Task statement = Everything from the line that contains "6.63V3.297H245.354L246.099 5.63C246.223 5.839" to the end of the data below is to be reproduced verbatim; leave all else out.

Records for the exercise =
■ ■ ■ ■ ■ ■ ■

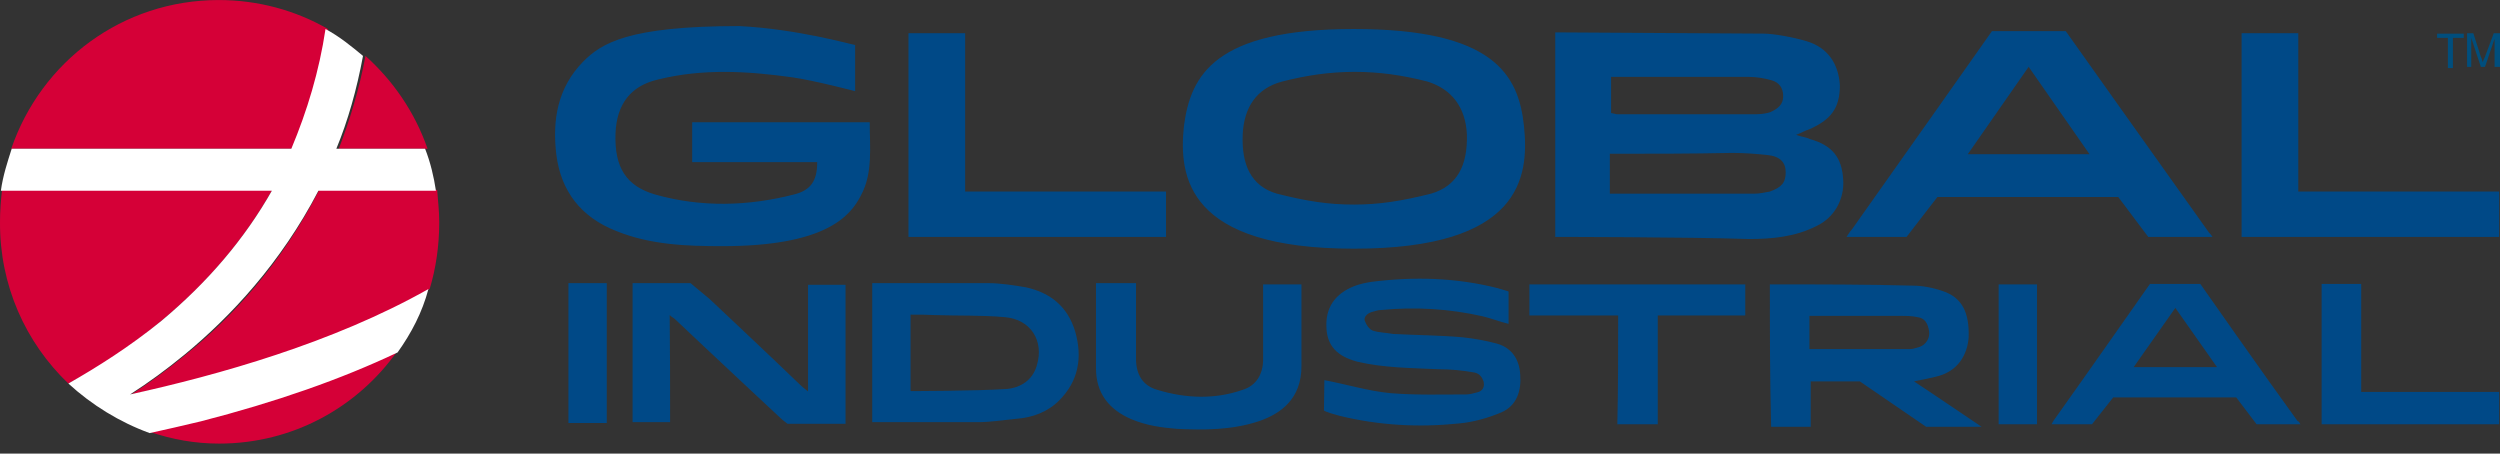 <svg width="248" height="45" viewBox="0 0 248 45" fill="none" xmlns="http://www.w3.org/2000/svg">
<rect x="0" y="0" width="248" height="45" fill="#333333" stroke="none"/>
<path d="M219.473 23.503H213.107L210.13 19.544H192.189L189.129 23.503H183.177C183.177 23.503 183.507 22.961 183.714 22.753C188.179 16.461 197.604 3.086 197.604 3.086H204.921C204.921 3.086 214.471 16.544 219.142 23.086C219.266 23.169 219.473 23.503 219.473 23.503ZM201.242 6.628L195.206 15.294H207.278L201.242 6.628ZM154.28 23.503V3.211C154.28 3.211 173.999 3.336 174.95 3.336C175.901 3.336 177.802 3.669 179.208 4.086C181.316 4.711 182.391 6.336 182.515 8.461C182.515 10.711 181.647 11.878 179.456 12.836C179.043 12.961 178.712 13.169 178.174 13.378C178.712 13.586 179.125 13.586 179.539 13.794C181.771 14.419 182.722 15.628 182.846 17.836C182.97 19.753 181.978 21.586 180.2 22.419C178.092 23.503 175.735 23.711 173.503 23.711C167.219 23.503 154.28 23.503 154.28 23.503ZM159.695 15.253V19.211C159.902 19.211 160.109 19.211 160.316 19.211C164.863 19.211 169.534 19.211 174.082 19.211C174.619 19.211 175.033 19.086 175.57 19.003C176.728 18.586 177.141 18.128 177.141 17.086C177.141 16.128 176.604 15.503 175.322 15.378C174.164 15.253 173.007 15.169 171.808 15.169C167.839 15.253 163.829 15.253 159.695 15.253ZM159.695 11.211C160.026 11.211 160.233 11.336 160.44 11.336C164.904 11.336 169.328 11.336 173.792 11.336C174.412 11.336 174.95 11.336 175.611 11.128C176.355 10.794 176.893 10.378 176.893 9.544C176.893 8.711 176.479 8.169 175.735 7.961C174.991 7.753 174.247 7.628 173.503 7.628C169.245 7.628 165.111 7.628 160.894 7.628C160.564 7.628 160.274 7.628 159.82 7.628V11.253H159.695V11.211ZM90.12 3.294V23.503H115.668V19.003H95.743V3.294H90.12ZM222.367 3.294V23.503H247.915V19.003H227.989V3.294H222.367ZM228.196 42.086H223.855L221.829 39.419H209.634L207.526 42.086H203.516C203.516 42.086 203.722 41.669 203.846 41.544C206.906 37.253 213.272 28.169 213.272 28.169H218.274C218.274 28.169 224.723 37.378 227.906 41.753C228.072 41.794 228.196 42.086 228.196 42.086ZM215.794 30.544L211.66 36.419H219.928L215.794 30.544ZM230.304 28.211V42.086H247.915V38.878H234.231V28.169H230.304V28.211ZM151.179 12.503C150.642 7.378 148.12 2.878 134.313 2.878C120.505 2.878 118.108 7.461 117.446 12.503C116.909 17.544 117.777 24.669 134.313 24.669C150.849 24.669 151.717 17.628 151.179 12.503ZM141.961 19.211C138.984 19.961 136.752 20.294 134.313 20.294C131.75 20.294 129.641 19.961 126.665 19.211C124.102 18.461 123.151 16.336 123.275 13.336C123.399 10.669 124.639 8.753 127.202 8.086C129.641 7.461 131.956 7.128 134.395 7.128C136.835 7.128 139.15 7.461 141.589 8.086C144.028 8.836 145.392 10.669 145.516 13.336C145.599 16.461 144.524 18.461 141.961 19.211ZM84.829 4.461V9.044C84.829 9.044 80.695 7.961 78.587 7.669C74.122 7.044 69.698 6.794 65.317 7.878C62.547 8.503 61.182 10.336 61.059 13.211C60.934 16.628 62.133 18.461 64.986 19.294C69.533 20.586 74.205 20.461 78.752 19.294C80.447 18.878 81.067 17.919 81.067 16.086H68.665V12.128H86.276C86.276 14.586 86.606 17.169 85.408 19.378C84.333 21.503 81.811 24.419 71.641 24.419C68.128 24.419 64.531 24.294 61.141 22.919C57.627 21.544 55.643 18.961 55.188 15.336C54.775 11.919 55.312 8.711 57.834 6.128C59.653 4.294 62.299 2.586 73.336 2.586C79.083 2.878 84.291 4.378 84.829 4.461ZM56.387 28.086C57.669 28.086 58.95 28.086 60.19 28.086C60.19 32.669 60.19 37.378 60.19 41.961C58.909 41.961 57.751 41.961 56.387 41.961C56.387 37.378 56.387 32.794 56.387 28.086ZM198.266 28.211C199.547 28.211 200.829 28.211 202.069 28.211C202.069 32.794 202.069 37.419 202.069 42.086C200.787 42.086 199.63 42.086 198.266 42.086C198.266 37.378 198.266 32.794 198.266 28.211ZM66.474 41.878C65.192 41.878 64.035 41.878 62.753 41.878C62.753 37.294 62.753 32.794 62.753 28.086C63.911 28.086 68.5 28.086 68.5 28.086L70.401 29.669C70.401 29.669 76.437 35.336 79.413 38.211C79.62 38.419 79.827 38.544 80.157 38.836C80.157 35.211 80.157 31.794 80.157 28.253C81.439 28.253 82.597 28.253 83.878 28.253C83.878 32.753 83.878 37.336 83.878 42.044C83.547 42.044 83.258 42.044 82.803 42.044C81.522 42.044 78.132 42.044 78.132 42.044L77.594 41.628C77.594 41.628 70.484 35.003 66.97 31.669C66.846 31.544 66.639 31.461 66.433 31.253C66.474 34.711 66.474 38.336 66.474 41.878ZM86.524 28.086C90.327 28.086 94.172 28.086 97.975 28.086C99.257 28.086 100.538 28.294 101.778 28.503C104.217 29.044 105.912 30.419 106.656 32.878C107.401 35.461 106.987 37.794 105.085 39.711C103.928 40.878 102.44 41.419 100.827 41.544C99.546 41.669 98.264 41.878 97.024 41.878C93.51 41.878 90.038 41.878 86.524 41.878C86.524 37.378 86.524 32.794 86.524 28.086ZM90.327 31.211C90.327 33.794 90.327 38.794 90.327 38.794C90.327 38.794 96.694 38.794 99.877 38.586C101.241 38.461 102.44 37.711 102.853 36.253C103.597 33.794 102.233 31.669 99.67 31.461C97.355 31.253 94.999 31.336 92.683 31.253C91.939 31.211 91.195 31.211 90.327 31.211ZM108.889 28.086C108.889 28.086 111.452 28.086 112.692 28.086C112.692 28.294 112.692 28.628 112.692 28.836C112.692 31.086 112.692 33.336 112.692 35.586C112.692 37.086 113.312 38.253 114.8 38.669C117.653 39.544 120.547 39.628 123.275 38.669C124.639 38.253 125.301 37.086 125.301 35.669C125.301 33.419 125.301 31.086 125.301 28.836C125.301 28.628 125.301 28.419 125.301 28.211C126.582 28.211 129.104 28.211 129.104 28.211V28.628C129.104 28.628 129.104 33.753 129.104 36.336C129.104 39.544 127.078 41.044 124.846 41.794C122.2 42.669 119.43 42.669 116.785 42.544C115.214 42.419 113.726 42.211 112.237 41.586C110.005 40.628 108.723 39.003 108.723 36.544C108.723 33.878 108.723 28.628 108.723 28.628V28.086H108.889ZM131.378 37.711C133.61 38.128 135.718 38.794 137.951 39.003C140.514 39.211 143.035 39.128 145.475 39.128C145.805 39.128 146.219 39.003 146.549 38.919C147.087 38.794 147.294 38.378 147.169 37.836C147.045 37.503 146.839 37.086 146.301 36.961C145.144 36.753 143.986 36.628 142.705 36.628C140.059 36.503 137.289 36.503 134.643 35.878C132.618 35.336 131.667 34.294 131.584 32.544C131.46 30.503 132.452 29.128 134.354 28.378C134.892 28.169 135.512 28.044 136.049 27.961C140.307 27.419 144.441 27.544 148.575 28.586C149.319 28.794 149.65 28.919 149.65 28.919C149.65 28.919 149.65 31.378 149.65 32.128C148.782 31.919 147.955 31.586 147.087 31.378C143.78 30.628 140.39 30.419 137 30.753C136.669 30.753 136.38 30.878 136.049 30.961C135.636 31.086 135.181 31.503 135.429 31.919C135.553 32.253 135.842 32.669 136.173 32.794C136.793 33.003 137.537 33.003 138.199 33.128C140.514 33.253 142.746 33.253 145.102 33.461C146.26 33.586 147.418 33.794 148.492 34.086C149.981 34.503 150.725 35.669 150.807 37.169C150.931 38.753 150.477 40.253 148.906 40.919C147.624 41.461 146.136 41.878 144.772 42.003C140.762 42.419 136.835 42.211 132.907 41.253C131.336 40.836 131.336 40.711 131.336 40.711C131.336 40.711 131.378 38.128 131.378 37.711ZM160.522 31.294C157.546 31.294 154.693 31.294 151.717 31.294C151.717 30.211 151.717 29.253 151.717 28.211C158.827 28.211 166.02 28.211 173.131 28.211C173.131 29.294 173.131 30.253 173.131 31.294C170.278 31.294 167.385 31.294 164.45 31.294C164.45 34.919 164.45 38.461 164.45 42.086C163.085 42.086 161.804 42.086 160.44 42.086C160.522 38.461 160.522 34.919 160.522 31.294ZM175.57 28.211C175.777 28.211 175.901 28.211 175.983 28.211C180.531 28.211 185.202 28.211 189.75 28.336C190.7 28.336 191.775 28.544 192.726 28.878C194.628 29.503 195.372 31.003 195.289 33.461C195.165 35.294 194.132 36.794 192.313 37.294C191.569 37.503 190.824 37.628 189.874 37.836C191.031 38.586 196.571 42.336 196.571 42.336H191.072L184.499 37.836C184.499 37.836 181.192 37.836 179.621 37.836C179.621 39.336 179.621 40.836 179.621 42.336C178.257 42.336 176.976 42.336 175.694 42.336C175.57 37.378 175.57 32.794 175.57 28.211ZM179.497 34.628C182.887 34.628 186.194 34.628 189.46 34.628C189.791 34.628 190.08 34.503 190.411 34.419C191.031 34.211 191.486 33.544 191.362 32.836C191.238 32.086 190.948 31.544 190.204 31.461C189.667 31.336 189.047 31.336 188.509 31.336C185.74 31.336 183.011 31.336 180.241 31.336C180.035 31.336 179.828 31.336 179.497 31.336C179.497 32.461 179.497 33.544 179.497 34.628Z" fill="#004987"/>
<path d="M36.256 5.546C35.636 8.879 34.685 11.962 33.61 14.754H42.415C41.134 11.087 38.984 8.004 36.256 5.546ZM18.438 35.171C16.619 36.671 14.841 37.962 13.023 39.129C21.704 37.296 33.155 34.087 42.622 28.671C43.242 26.629 43.573 24.379 43.573 22.046C43.573 20.962 43.449 19.921 43.366 18.837H31.667C27.988 26.046 23.11 31.421 18.438 35.171ZM29.145 14.754C30.716 11.004 31.915 7.046 32.535 2.879C29.352 1.046 25.631 0.004 21.704 0.004C12.154 0.004 4.093 6.087 1.117 14.754H29.145ZM19.926 41.671C18.107 42.087 16.412 42.546 14.841 42.837C17.074 43.587 19.306 44.004 21.745 44.004C29.062 44.004 35.511 40.379 39.439 34.796C33.899 37.504 27.326 39.837 19.926 41.671ZM6.78 38.046C9.633 36.546 12.816 34.504 15.999 31.837C20.546 28.087 24.267 23.712 27.037 18.796H0.207C0.083 19.879 0 20.921 0 22.004C-0.041 28.296 2.522 33.962 6.78 38.046Z" fill="#D50037"/>
<path d="M27.04 18.796C24.27 23.712 20.59 28.004 16.002 31.837C12.819 34.421 9.635 36.421 6.783 38.046C9.098 40.171 11.868 41.879 14.844 42.962C16.415 42.629 18.151 42.212 19.929 41.796C27.37 39.879 33.819 37.629 39.441 34.962C40.806 33.046 41.881 31.004 42.501 28.671C33.075 34.004 21.624 37.212 12.901 39.129C14.72 37.962 16.498 36.671 18.317 35.171C22.864 31.421 27.866 26.087 31.587 18.921H43.245C43.038 17.546 42.707 16.129 42.17 14.754H33.365C34.522 11.962 35.39 8.879 36.01 5.546C34.853 4.587 33.695 3.629 32.29 2.879C31.67 7.046 30.471 11.004 28.9 14.754H1.161C0.747 16.046 0.293 17.421 0.086 18.921H27.04V18.796Z" fill="white"/>
<path d="M242.833 6.63V3.755H241.758V3.339H244.404V3.755H243.329V6.755H242.833V6.63ZM244.734 6.63V3.297H245.354L246.099 5.63C246.223 5.839 246.223 6.047 246.305 6.172C246.305 6.047 246.429 5.839 246.512 5.63L247.38 3.297H248V6.63H247.463V3.839L246.512 6.63H246.099L245.148 3.755V6.63H244.734Z" fill="#004E7D"/>
</svg>

■ ■ ■ ■ ■ ■ ■

Exercise result =
<path d="M242.833 6.63V3.755H241.758V3.339H244.404V3.755H243.329V6.755H242.833V6.63ZM244.734 6.63V3.297H245.354L246.099 5.63C246.223 5.839 246.223 6.047 246.305 6.172C246.305 6.047 246.429 5.839 246.512 5.63L247.38 3.297H248V6.63H247.463V3.839L246.512 6.63H246.099L245.148 3.755V6.63H244.734Z" fill="#004E7D"/>
</svg>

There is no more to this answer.